CROPPING

Understand snail movements key to effective control

MORE effective snail baiting programs is a key aim of research being conducted by the Western Australian Department of Agriculture and Food to better control the pest.

David Cussons
Understand snail movements key to effective control

Small pointed snails cost WA grain growers more than $4 million a year through grain contamination, as they can climb into the grain head or stem and be harvested.

Better understanding their movements is the key to more effective management programs says Department entomologist and project leader Svetlana Micic. 

“We want to know where the snails are so baits can be targeted within paddocks, because currently farmers have to pretty much blanket bait as it’s very difficult to determine the location of snails,” Ms Micic told Farming Ahead.

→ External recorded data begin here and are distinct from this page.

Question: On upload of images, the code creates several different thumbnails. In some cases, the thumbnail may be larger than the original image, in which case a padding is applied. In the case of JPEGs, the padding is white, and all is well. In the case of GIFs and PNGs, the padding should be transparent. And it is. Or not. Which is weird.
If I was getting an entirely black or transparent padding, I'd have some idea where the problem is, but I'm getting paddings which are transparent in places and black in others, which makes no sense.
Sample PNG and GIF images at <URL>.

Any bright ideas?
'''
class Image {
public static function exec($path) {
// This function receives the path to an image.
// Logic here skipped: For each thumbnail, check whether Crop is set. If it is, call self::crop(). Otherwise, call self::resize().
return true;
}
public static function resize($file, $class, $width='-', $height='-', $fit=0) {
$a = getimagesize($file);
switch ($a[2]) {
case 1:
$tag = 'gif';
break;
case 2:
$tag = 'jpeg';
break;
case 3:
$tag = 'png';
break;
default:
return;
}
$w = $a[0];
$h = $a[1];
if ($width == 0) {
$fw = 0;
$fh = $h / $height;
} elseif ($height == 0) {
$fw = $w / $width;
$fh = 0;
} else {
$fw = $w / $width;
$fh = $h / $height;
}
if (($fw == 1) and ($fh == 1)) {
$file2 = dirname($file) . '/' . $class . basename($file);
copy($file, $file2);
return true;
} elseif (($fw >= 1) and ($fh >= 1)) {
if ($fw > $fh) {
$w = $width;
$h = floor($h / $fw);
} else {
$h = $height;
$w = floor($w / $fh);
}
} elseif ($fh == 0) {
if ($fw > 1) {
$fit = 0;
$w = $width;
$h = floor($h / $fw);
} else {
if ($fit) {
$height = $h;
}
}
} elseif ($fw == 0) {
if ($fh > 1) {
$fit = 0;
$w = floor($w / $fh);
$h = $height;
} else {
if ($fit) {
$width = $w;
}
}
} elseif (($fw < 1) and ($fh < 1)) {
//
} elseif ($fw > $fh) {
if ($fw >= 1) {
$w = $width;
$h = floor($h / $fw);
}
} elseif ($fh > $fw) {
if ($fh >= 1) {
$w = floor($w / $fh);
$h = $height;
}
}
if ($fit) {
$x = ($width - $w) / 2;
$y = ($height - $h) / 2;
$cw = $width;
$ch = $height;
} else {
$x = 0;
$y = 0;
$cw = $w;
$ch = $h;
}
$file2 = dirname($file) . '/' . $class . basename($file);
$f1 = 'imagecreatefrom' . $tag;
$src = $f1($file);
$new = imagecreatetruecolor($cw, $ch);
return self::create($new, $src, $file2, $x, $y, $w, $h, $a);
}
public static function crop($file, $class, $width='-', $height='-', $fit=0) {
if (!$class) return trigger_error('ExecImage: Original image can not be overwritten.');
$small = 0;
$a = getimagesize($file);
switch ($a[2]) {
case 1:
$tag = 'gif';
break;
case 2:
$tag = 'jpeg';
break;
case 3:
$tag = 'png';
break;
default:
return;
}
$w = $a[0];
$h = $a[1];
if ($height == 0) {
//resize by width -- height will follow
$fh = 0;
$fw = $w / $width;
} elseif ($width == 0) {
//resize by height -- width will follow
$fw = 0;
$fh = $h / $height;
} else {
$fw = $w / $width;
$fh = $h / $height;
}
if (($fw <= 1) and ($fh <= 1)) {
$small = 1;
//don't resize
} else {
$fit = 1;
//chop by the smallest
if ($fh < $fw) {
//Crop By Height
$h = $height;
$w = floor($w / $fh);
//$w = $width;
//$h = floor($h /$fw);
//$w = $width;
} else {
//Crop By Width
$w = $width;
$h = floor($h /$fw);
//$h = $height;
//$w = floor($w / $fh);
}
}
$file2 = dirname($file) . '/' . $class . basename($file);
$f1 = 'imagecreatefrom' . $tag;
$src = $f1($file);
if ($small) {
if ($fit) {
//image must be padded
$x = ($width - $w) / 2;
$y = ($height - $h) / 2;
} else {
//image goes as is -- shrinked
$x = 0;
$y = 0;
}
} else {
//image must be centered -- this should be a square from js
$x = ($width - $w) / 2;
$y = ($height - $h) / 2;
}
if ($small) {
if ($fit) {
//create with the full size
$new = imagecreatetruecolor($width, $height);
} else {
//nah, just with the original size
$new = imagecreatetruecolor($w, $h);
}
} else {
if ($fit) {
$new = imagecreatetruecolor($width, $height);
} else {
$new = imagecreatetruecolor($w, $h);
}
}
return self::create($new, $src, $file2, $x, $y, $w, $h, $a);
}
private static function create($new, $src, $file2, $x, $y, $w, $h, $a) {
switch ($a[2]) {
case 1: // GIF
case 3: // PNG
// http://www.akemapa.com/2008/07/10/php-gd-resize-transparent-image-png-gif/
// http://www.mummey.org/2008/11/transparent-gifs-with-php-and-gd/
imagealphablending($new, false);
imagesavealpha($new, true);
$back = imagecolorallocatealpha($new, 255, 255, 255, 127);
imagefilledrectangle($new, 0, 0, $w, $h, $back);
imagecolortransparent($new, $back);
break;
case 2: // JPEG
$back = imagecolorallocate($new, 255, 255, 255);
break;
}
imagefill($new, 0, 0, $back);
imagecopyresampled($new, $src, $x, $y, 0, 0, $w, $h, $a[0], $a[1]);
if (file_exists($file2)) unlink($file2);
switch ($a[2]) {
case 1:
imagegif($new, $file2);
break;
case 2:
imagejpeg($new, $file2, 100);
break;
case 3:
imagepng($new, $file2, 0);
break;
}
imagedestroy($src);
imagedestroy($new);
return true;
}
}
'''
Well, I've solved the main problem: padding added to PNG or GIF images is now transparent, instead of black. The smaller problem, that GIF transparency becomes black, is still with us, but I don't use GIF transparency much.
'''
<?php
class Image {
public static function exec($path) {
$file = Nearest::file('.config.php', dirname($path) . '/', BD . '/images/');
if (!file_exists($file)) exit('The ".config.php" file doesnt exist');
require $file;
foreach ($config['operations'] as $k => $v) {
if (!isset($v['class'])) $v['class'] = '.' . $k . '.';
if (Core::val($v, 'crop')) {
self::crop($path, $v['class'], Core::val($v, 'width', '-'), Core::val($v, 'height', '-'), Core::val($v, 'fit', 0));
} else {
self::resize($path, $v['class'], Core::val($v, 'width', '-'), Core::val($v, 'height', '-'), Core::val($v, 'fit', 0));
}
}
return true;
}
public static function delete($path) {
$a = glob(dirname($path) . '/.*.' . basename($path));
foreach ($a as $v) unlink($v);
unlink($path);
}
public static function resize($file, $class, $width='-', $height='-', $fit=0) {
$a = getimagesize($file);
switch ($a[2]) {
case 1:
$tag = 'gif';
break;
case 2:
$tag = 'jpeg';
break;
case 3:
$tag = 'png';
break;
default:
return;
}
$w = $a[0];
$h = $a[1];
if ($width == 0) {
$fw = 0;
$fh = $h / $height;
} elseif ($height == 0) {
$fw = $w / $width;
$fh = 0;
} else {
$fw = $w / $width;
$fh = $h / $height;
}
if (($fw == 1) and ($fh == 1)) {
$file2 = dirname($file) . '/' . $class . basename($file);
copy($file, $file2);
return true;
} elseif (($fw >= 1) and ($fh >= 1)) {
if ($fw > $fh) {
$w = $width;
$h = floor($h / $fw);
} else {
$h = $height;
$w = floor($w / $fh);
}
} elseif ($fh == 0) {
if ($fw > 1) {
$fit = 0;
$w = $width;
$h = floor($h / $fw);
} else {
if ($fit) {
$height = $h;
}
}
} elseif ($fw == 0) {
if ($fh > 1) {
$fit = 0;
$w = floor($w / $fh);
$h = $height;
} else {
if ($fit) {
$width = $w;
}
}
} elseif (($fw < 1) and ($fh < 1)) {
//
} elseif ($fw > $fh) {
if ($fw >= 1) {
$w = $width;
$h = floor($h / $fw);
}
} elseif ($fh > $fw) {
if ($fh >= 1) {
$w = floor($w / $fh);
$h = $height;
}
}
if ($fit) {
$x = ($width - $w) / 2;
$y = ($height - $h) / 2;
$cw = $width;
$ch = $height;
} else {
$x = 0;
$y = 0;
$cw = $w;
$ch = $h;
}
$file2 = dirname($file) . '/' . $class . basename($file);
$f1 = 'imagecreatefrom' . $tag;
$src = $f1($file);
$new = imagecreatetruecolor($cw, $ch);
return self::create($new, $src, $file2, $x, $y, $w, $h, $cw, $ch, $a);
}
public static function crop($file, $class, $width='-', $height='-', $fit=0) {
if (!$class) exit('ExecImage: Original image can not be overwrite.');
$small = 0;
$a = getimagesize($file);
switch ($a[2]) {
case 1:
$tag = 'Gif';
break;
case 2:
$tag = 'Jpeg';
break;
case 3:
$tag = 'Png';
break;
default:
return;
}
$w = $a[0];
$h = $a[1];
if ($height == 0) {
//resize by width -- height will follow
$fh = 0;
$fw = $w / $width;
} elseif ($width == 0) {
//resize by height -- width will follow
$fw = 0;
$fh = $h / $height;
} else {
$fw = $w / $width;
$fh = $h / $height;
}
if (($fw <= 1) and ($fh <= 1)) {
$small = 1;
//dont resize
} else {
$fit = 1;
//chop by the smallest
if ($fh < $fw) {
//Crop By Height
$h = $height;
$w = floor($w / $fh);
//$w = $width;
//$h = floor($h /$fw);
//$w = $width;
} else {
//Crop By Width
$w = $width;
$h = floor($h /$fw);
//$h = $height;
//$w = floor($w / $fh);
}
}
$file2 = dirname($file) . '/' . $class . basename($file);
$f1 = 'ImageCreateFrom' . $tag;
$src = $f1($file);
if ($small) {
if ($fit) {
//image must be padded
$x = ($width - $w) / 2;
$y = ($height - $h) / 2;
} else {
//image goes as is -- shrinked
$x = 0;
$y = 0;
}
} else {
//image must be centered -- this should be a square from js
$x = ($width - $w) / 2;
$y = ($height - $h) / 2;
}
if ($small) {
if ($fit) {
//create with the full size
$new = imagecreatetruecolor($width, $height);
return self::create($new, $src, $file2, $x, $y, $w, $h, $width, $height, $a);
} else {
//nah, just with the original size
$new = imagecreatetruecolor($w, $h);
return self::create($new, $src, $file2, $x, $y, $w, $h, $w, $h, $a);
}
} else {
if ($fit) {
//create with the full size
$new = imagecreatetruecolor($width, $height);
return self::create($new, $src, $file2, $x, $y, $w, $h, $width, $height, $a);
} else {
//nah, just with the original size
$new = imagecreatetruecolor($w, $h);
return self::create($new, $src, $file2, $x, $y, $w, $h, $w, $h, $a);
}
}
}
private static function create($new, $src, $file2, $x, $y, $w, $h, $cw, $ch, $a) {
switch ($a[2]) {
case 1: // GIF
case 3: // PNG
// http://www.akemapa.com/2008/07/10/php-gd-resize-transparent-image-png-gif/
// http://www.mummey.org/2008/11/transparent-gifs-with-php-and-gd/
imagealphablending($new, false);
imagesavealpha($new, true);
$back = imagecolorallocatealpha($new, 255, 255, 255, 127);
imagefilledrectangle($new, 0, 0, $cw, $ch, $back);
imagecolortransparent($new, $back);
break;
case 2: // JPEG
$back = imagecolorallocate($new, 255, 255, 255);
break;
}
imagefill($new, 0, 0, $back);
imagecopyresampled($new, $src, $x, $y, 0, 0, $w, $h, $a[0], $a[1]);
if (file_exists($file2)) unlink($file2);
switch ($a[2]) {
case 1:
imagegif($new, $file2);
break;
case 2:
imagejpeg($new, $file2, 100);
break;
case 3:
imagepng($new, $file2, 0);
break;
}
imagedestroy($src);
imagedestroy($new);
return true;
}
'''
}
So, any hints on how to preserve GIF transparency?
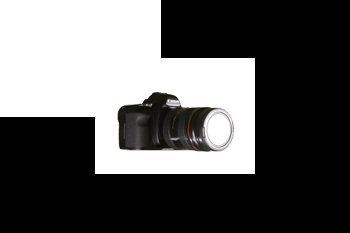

“We’re hoping that if we can map snails in a paddock, we can then use variable technologies to target higher rates of baits to where snail densities are greatest."

The research initially involved taking time lapse videos in a South Coast barley crop over six months to track snail movements within crops.

“The literature says as conditions get hotter, snails either burrow under the ground or climb up to aestivate, which is a period of dormancy,” Ms Micic says.

“However, our research showed they did move, especially early in the morning, from 2am to 6am, and they didn’t stop moving until the sun came up.”

Department senior researcher John Moore, who is responsible for the project’s technology, said while the videos revealed snails regularly climbed plant stems, they didn’t always move to the grain head, where they could be harvested with the grain.

“This year there were only low levels of snails in commercially harvested grain near the trial site, even though there were obviously high levels of snails present,” Mr Moore said. “Last year there were higher levels of snail contamination in similar situations.”

In the next stage of research, the department will use smart phones attached to small, roving vehicles to video and monitor infestations over a wide area at night, when snails have been shown to be most active and can be more easily detected by the technology.

The observations will be used to develop a model of the conditions when snails are more likely to affect the grain head, leading to potential contamination of harvested grain.

Department researchers are also developing smart phone cameras and devices to take images of snails found in grain as it is being harvested.

Ms Micic said the aim was to eventually develop an algorithm to detect snails automatically during harvest to determine whether the grain will meet market thresholds for the pest.

“When the harvester is operating, it would allow for detection of snails as they’re going into the bin of the harvester, and from there you can map where they were in the paddock,” she says.

“That will also give an indication of how much snail contamination is in the harvested grain, so farmers know whether they need to clean the grain or not.”